↓

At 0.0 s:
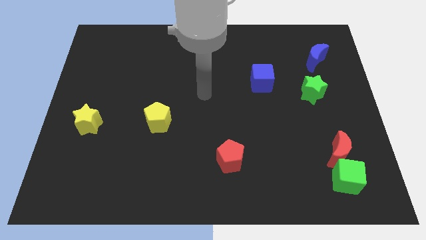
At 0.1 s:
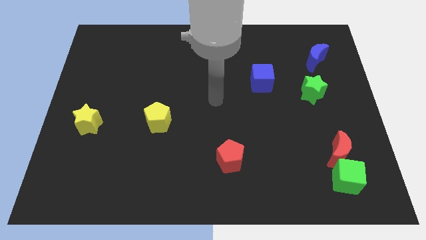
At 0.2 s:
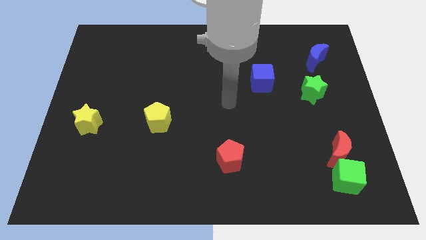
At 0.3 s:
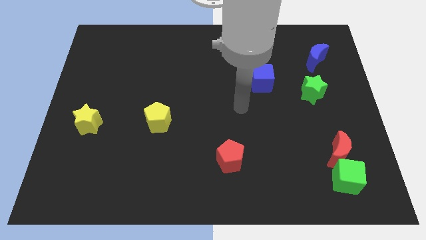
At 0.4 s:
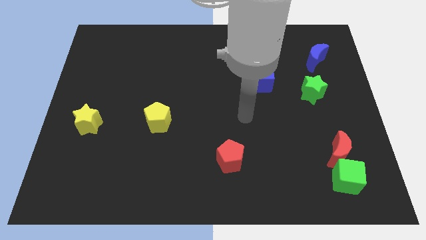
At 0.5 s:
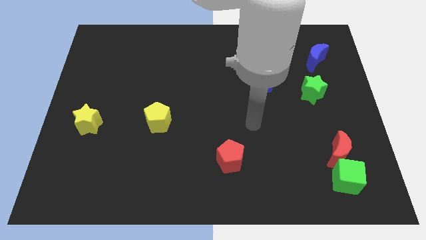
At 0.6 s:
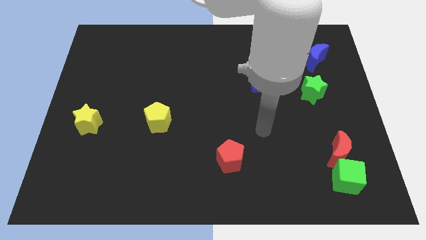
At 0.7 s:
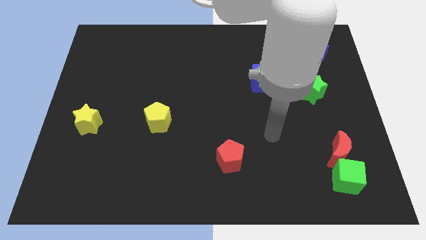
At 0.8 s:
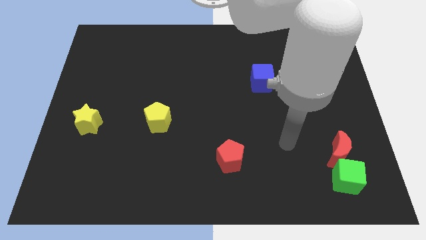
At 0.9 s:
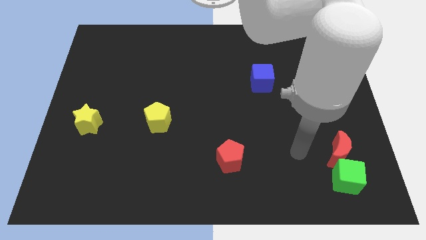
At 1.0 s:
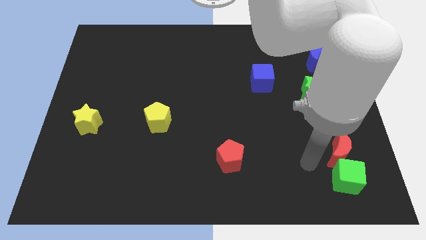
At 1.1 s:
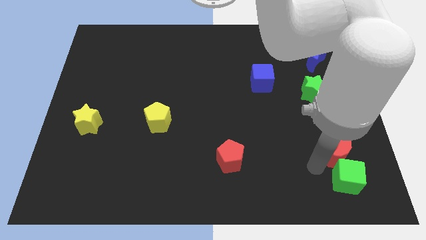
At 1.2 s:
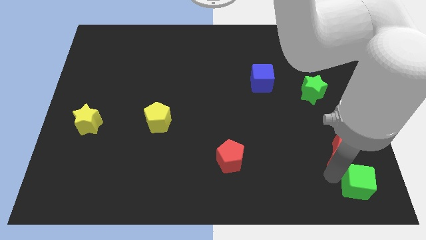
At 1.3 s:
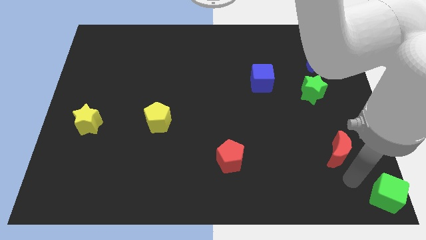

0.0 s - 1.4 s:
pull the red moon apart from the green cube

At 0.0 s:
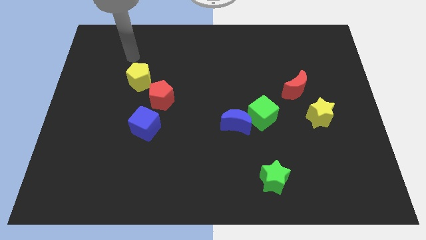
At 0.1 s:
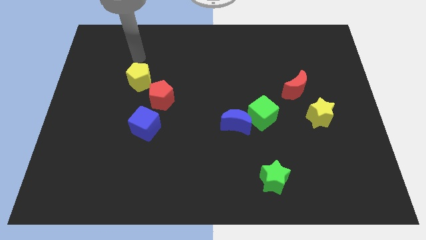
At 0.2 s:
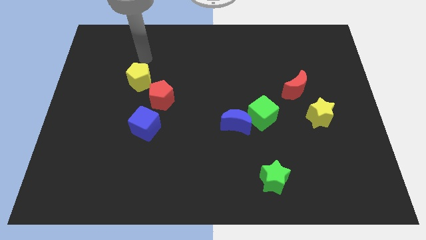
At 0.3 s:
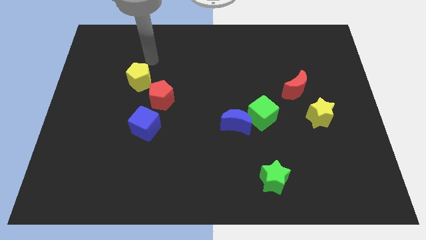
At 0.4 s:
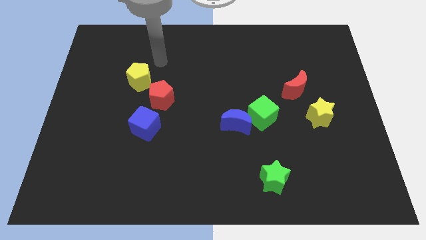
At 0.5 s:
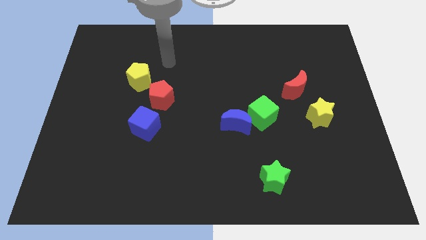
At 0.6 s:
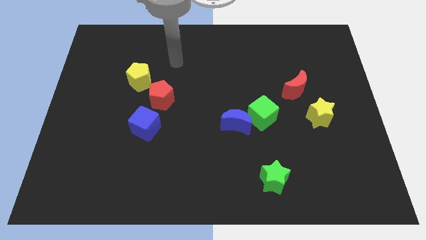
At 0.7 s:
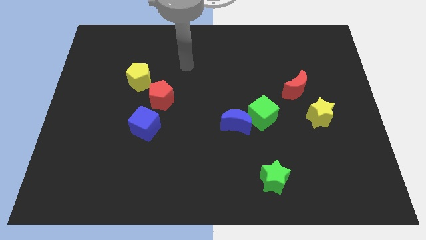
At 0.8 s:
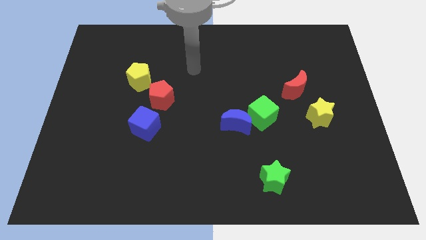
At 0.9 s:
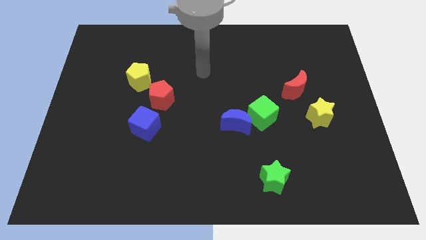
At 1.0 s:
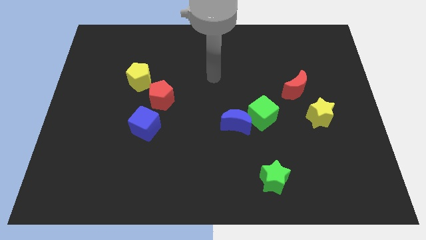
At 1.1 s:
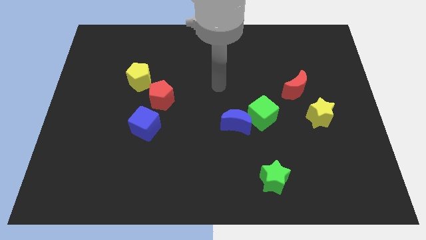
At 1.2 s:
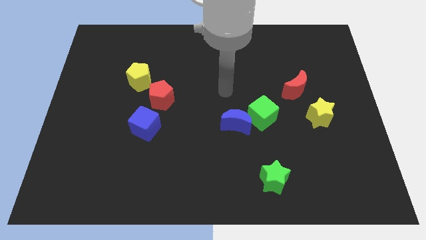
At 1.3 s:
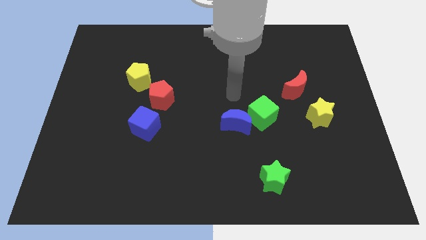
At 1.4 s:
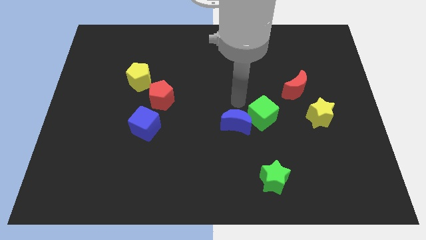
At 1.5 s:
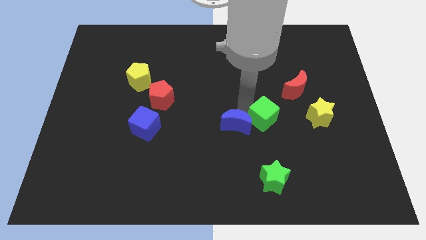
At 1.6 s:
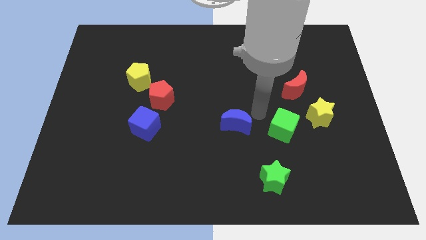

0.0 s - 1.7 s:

↑

Your task is to return the entries above exactly, with no pictures.

### EXERCISE SOLUTION
At 0.0 s:
At 0.1 s:
At 0.2 s:
At 0.3 s:
At 0.4 s:
At 0.5 s:
At 0.6 s:
At 0.7 s:
At 0.8 s:
At 0.9 s:
At 1.0 s:
At 1.1 s:
At 1.2 s:
At 1.3 s:

0.0 s - 1.4 s:
pull the red moon apart from the green cube

At 0.0 s:
At 0.1 s:
At 0.2 s:
At 0.3 s:
At 0.4 s:
At 0.5 s:
At 0.6 s:
At 0.7 s:
At 0.8 s:
At 0.9 s:
At 1.0 s:
At 1.1 s:
At 1.2 s:
At 1.3 s:
At 1.4 s:
At 1.5 s:
At 1.6 s:

0.0 s - 1.7 s:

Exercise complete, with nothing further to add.